> _Exercise requirements_: From the listing below, extract each line containing the string "fuels".

> _Material provided_:
━━━━
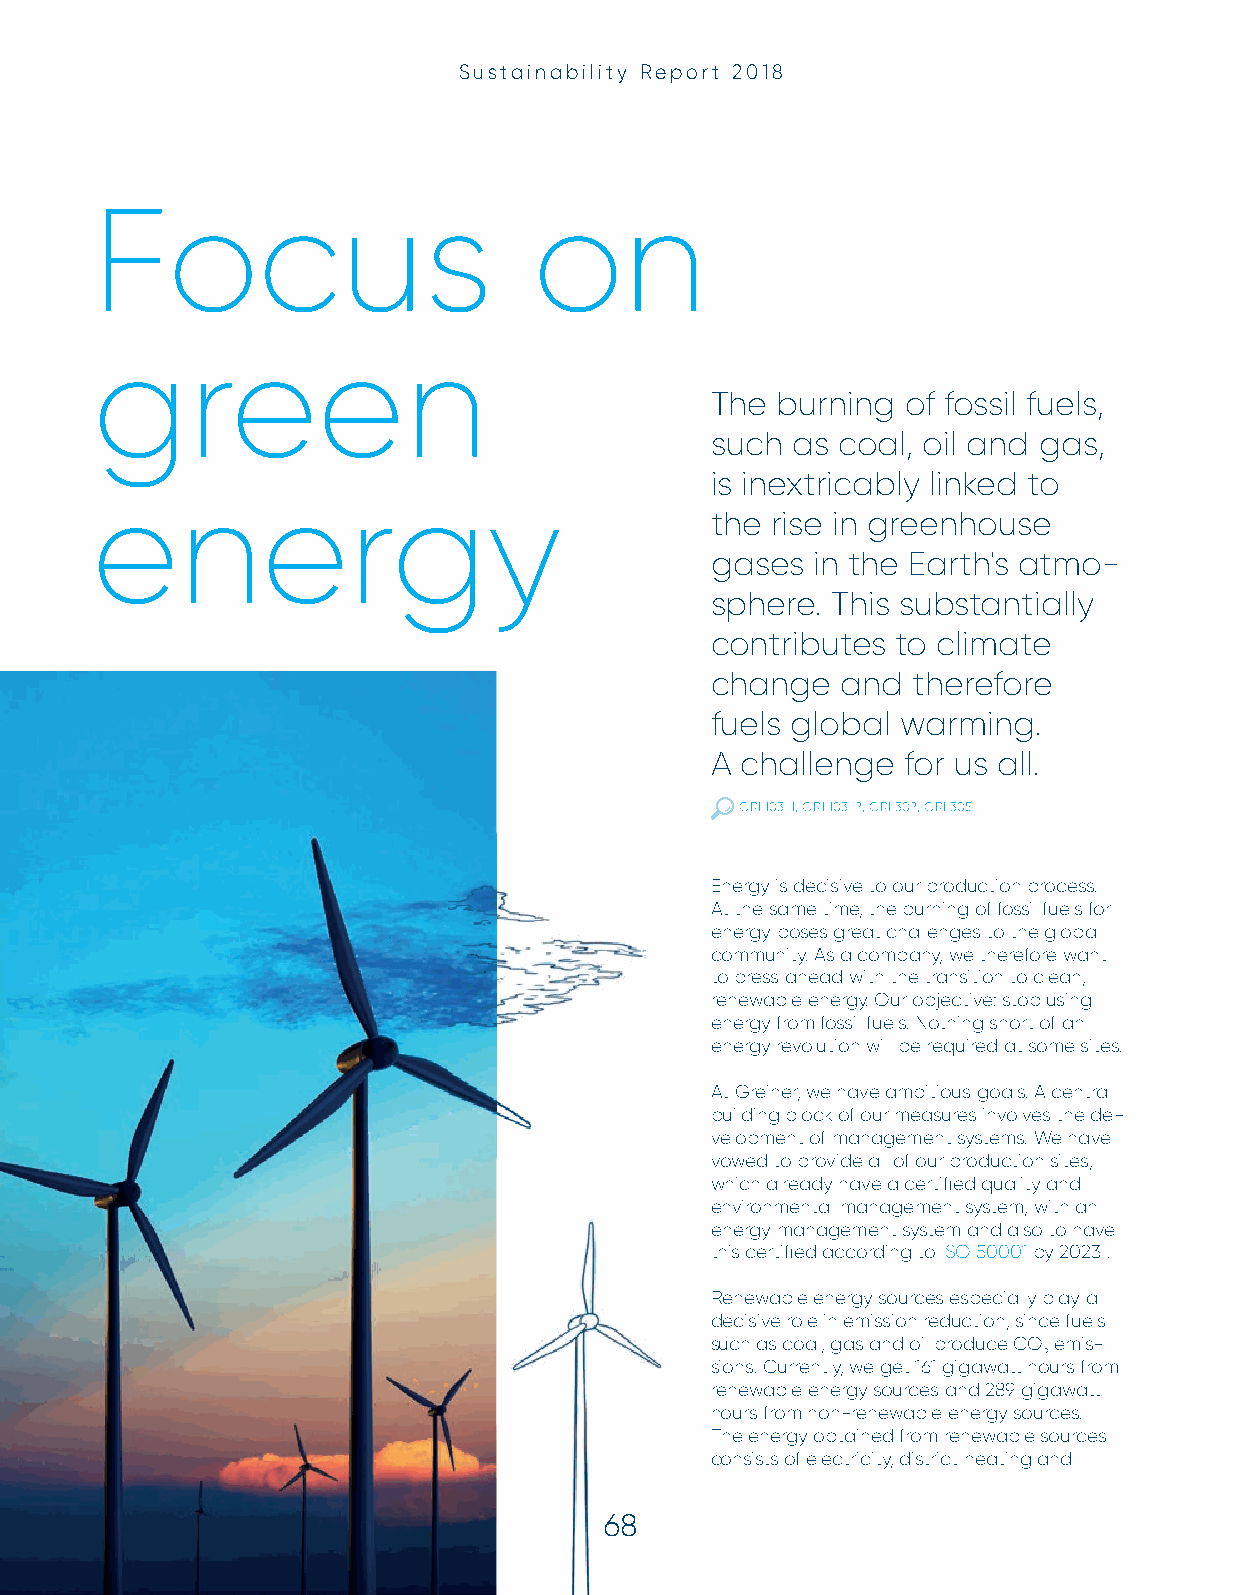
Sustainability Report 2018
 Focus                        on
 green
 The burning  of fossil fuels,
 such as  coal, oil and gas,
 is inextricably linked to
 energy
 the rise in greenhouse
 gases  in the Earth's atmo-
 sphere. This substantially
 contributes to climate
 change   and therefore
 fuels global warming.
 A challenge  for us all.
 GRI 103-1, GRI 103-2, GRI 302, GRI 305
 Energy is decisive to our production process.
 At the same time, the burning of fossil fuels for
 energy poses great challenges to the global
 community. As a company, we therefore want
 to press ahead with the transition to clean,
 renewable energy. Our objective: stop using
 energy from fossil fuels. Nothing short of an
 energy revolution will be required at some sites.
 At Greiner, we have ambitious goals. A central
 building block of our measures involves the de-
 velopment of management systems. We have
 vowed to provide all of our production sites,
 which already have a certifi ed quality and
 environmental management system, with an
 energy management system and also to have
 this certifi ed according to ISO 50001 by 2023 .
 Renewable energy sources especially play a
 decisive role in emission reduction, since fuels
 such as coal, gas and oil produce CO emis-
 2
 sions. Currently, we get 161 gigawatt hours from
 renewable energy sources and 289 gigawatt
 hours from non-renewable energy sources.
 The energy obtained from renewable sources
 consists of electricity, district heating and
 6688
━━━━
> _Response to the task_:
 The burning  of fossil fuels,
 fuels global warming.
 At the same time, the burning of fossil fuels for
 energy from fossil fuels. Nothing short of an
 decisive role in emission reduction, since fuels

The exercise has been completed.